Abigarramiento, humo, alboroto y escandalera presiden la tertulia literaria, el círculo de conspiradores, la junta masónica, la camarilla de espadones y politicastros, la conjura de muñidores de revueltas y asonadas, la cofradía de pedigones y busconas, donde se confunden los ecos de los discursos aparatosos de quienes hablan y no hacen nada.

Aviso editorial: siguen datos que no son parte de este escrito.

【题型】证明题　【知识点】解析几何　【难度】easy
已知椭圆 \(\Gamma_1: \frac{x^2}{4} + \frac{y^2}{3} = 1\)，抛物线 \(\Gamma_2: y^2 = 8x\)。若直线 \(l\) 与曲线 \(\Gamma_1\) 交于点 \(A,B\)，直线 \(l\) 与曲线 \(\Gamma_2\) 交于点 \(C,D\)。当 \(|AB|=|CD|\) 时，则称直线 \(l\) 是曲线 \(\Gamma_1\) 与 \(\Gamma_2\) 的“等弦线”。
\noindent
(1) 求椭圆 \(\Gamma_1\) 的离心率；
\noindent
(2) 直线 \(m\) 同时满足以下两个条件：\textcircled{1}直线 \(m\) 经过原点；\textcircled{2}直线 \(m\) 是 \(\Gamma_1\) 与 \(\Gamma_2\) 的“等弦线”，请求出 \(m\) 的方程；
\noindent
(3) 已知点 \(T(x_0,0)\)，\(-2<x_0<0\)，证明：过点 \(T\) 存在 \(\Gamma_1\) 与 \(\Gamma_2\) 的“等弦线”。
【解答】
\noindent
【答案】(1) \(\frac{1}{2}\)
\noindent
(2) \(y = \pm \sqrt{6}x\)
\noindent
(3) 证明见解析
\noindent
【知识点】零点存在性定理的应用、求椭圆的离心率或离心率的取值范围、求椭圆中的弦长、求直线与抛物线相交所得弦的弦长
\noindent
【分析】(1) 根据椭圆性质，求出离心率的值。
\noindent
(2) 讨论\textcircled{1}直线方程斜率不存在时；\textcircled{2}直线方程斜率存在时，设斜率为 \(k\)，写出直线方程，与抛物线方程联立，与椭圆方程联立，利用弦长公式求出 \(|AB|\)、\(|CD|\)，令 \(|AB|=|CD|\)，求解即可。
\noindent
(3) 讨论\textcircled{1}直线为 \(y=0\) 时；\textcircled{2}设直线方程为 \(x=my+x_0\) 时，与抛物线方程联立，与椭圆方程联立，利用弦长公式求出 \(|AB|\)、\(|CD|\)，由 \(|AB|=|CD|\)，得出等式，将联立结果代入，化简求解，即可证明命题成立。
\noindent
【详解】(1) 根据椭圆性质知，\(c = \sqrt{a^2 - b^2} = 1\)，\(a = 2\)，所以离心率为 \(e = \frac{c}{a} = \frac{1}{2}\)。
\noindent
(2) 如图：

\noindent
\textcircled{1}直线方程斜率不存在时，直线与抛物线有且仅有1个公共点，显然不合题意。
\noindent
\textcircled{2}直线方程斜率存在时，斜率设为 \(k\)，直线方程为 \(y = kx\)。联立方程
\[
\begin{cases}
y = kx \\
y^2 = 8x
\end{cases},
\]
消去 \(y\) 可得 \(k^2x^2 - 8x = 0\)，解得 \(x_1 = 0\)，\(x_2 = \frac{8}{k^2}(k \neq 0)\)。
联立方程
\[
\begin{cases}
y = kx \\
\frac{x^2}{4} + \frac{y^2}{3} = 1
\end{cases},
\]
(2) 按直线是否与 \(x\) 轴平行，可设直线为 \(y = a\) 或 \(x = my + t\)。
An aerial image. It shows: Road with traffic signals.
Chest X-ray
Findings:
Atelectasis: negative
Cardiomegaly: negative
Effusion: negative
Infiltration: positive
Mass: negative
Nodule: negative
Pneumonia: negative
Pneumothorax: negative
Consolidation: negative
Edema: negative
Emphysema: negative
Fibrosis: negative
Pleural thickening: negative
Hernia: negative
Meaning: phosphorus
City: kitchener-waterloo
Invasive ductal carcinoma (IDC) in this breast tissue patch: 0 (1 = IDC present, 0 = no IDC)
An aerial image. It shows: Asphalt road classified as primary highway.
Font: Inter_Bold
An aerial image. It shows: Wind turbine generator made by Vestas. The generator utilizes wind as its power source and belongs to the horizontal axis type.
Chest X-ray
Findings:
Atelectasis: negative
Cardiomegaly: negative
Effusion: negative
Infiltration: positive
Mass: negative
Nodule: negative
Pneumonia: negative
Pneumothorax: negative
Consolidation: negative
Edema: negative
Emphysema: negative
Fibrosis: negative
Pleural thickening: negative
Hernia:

Pero vengan conmigo a lo de ahora: la corte de los milagros de los tertulianos ha abandonado el amplísimo salón o el estrecho cubículo para desparramarse en terrazas por calles, pasajes y plazas, por aceras y calzadas, y en forma de chambaos o chiringuitos en playas y lugares de baño, como una marabunta que propaga sin tasa mesas y sillas, instalaciones de música, enormes televisores de plasma, estufas y calefactores, en medio de la algazara de los parroquianos que ocupan tan agradable lugar de día y de noche, que desayunan, almuerzan y cenan en medio de la barahúnda del mundo feliz en que nada nos ocupa ni preocupa.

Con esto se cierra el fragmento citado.